• **Exercise instructions**:
Print the whole listing exactly as it appears, but skip the pictures.
┌─ Raw data
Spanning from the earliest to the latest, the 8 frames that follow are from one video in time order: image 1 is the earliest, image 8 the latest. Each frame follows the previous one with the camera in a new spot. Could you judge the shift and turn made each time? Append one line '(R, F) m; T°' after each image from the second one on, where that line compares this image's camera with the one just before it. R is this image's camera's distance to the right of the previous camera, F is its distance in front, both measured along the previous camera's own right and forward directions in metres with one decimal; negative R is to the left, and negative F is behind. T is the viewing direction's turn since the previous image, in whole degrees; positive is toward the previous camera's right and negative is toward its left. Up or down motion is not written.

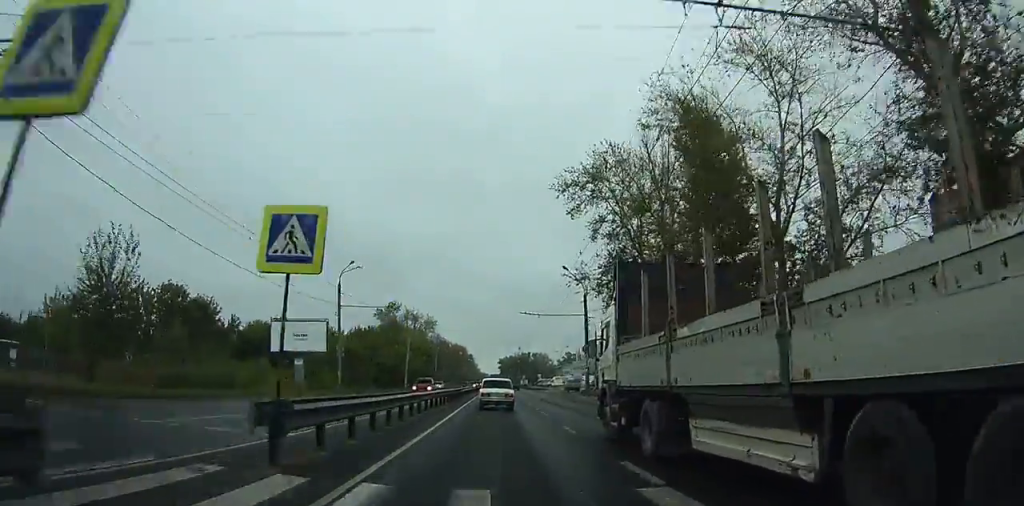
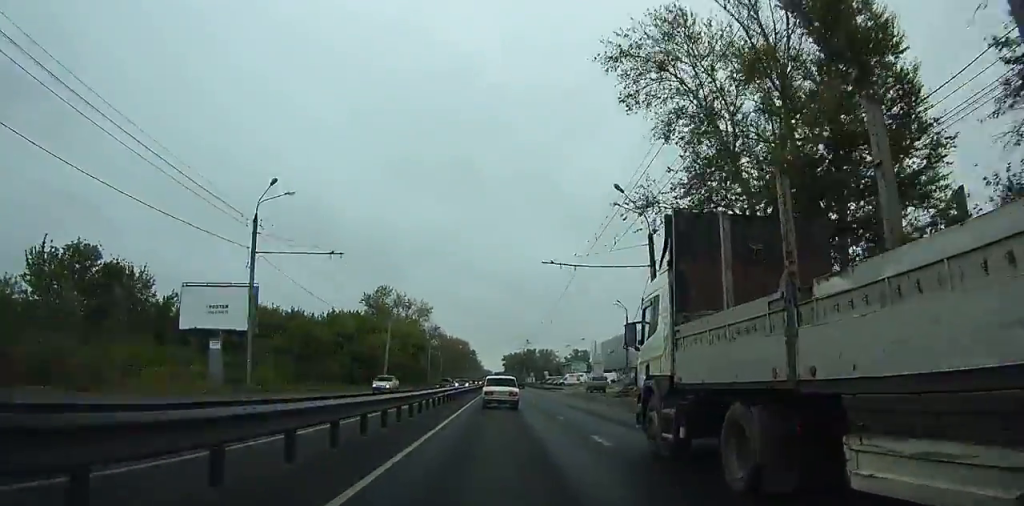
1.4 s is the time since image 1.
(0.0, +18.9) m; 0°
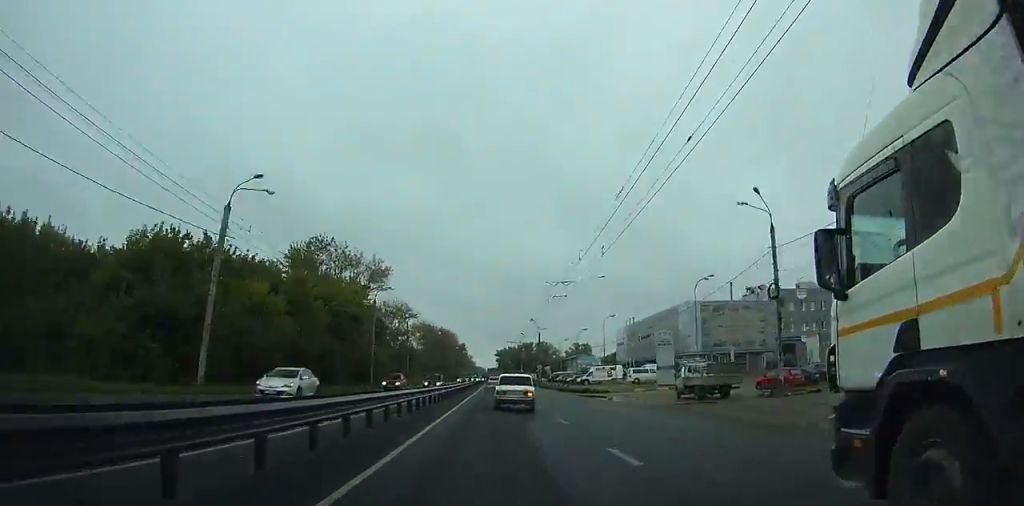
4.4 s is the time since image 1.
(+0.9, +42.0) m; +1°
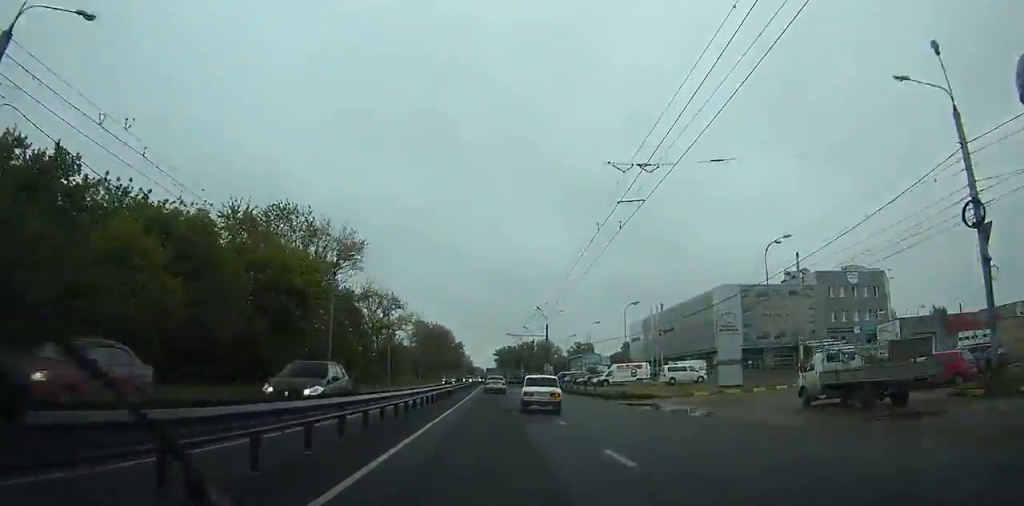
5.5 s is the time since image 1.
(-0.3, +15.9) m; 0°
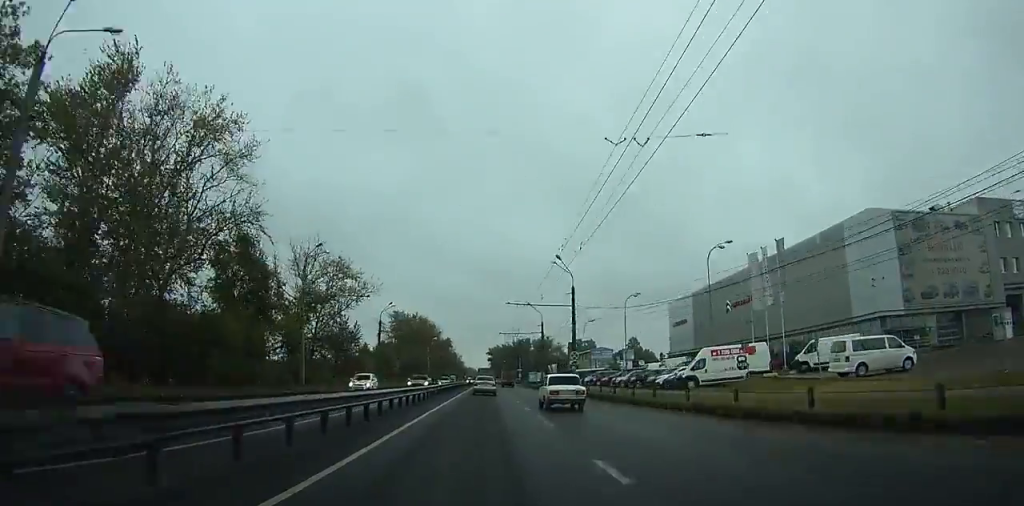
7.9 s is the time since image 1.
(-0.1, +33.3) m; 0°
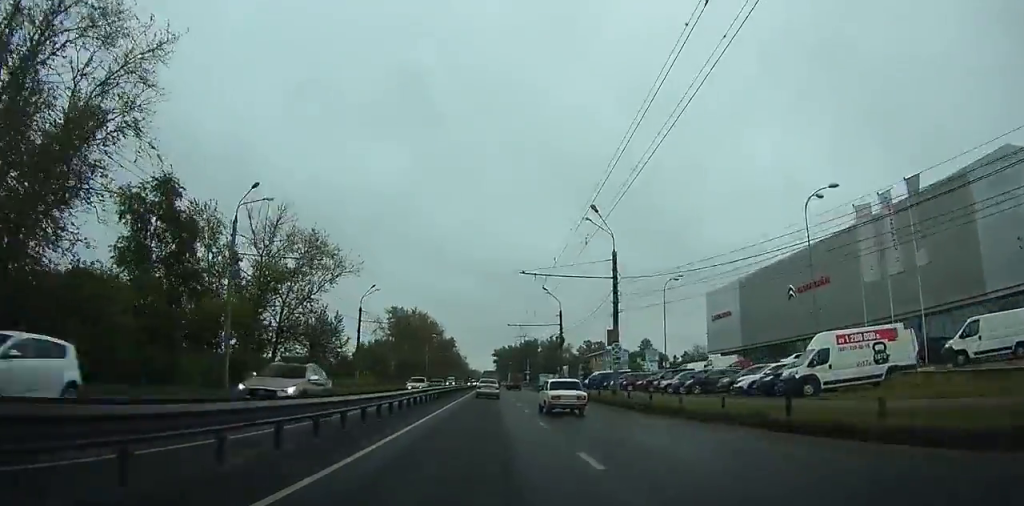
└─
• **Answer space**:
Spanning from the earliest to the latest, the 8 frames that follow are from one video in time order: image 1 is the earliest, image 8 the latest. Each frame follows the previous one with the camera in a new spot. Could you judge the shift and turn made each time? Append one line '(R, F) m; T°' after each image from the second one on, where that line compares this image's camera with the one just before it. R is this image's camera's distance to the right of the previous camera, F is its distance in front, both measured along the previous camera's own right and forward directions in metres with one decimal; negative R is to the left, and negative F is behind. T is the viewing direction's turn since the previous image, in whole degrees; positive is toward the previous camera's right and negative is toward its left. Up or down motion is not written.

1.4 s is the time since image 1.
(0.0, +18.9) m; 0°
4.4 s is the time since image 1.
(+0.9, +42.0) m; +1°
5.5 s is the time since image 1.
(-0.3, +15.9) m; 0°
7.9 s is the time since image 1.
(-0.1, +33.3) m; 0°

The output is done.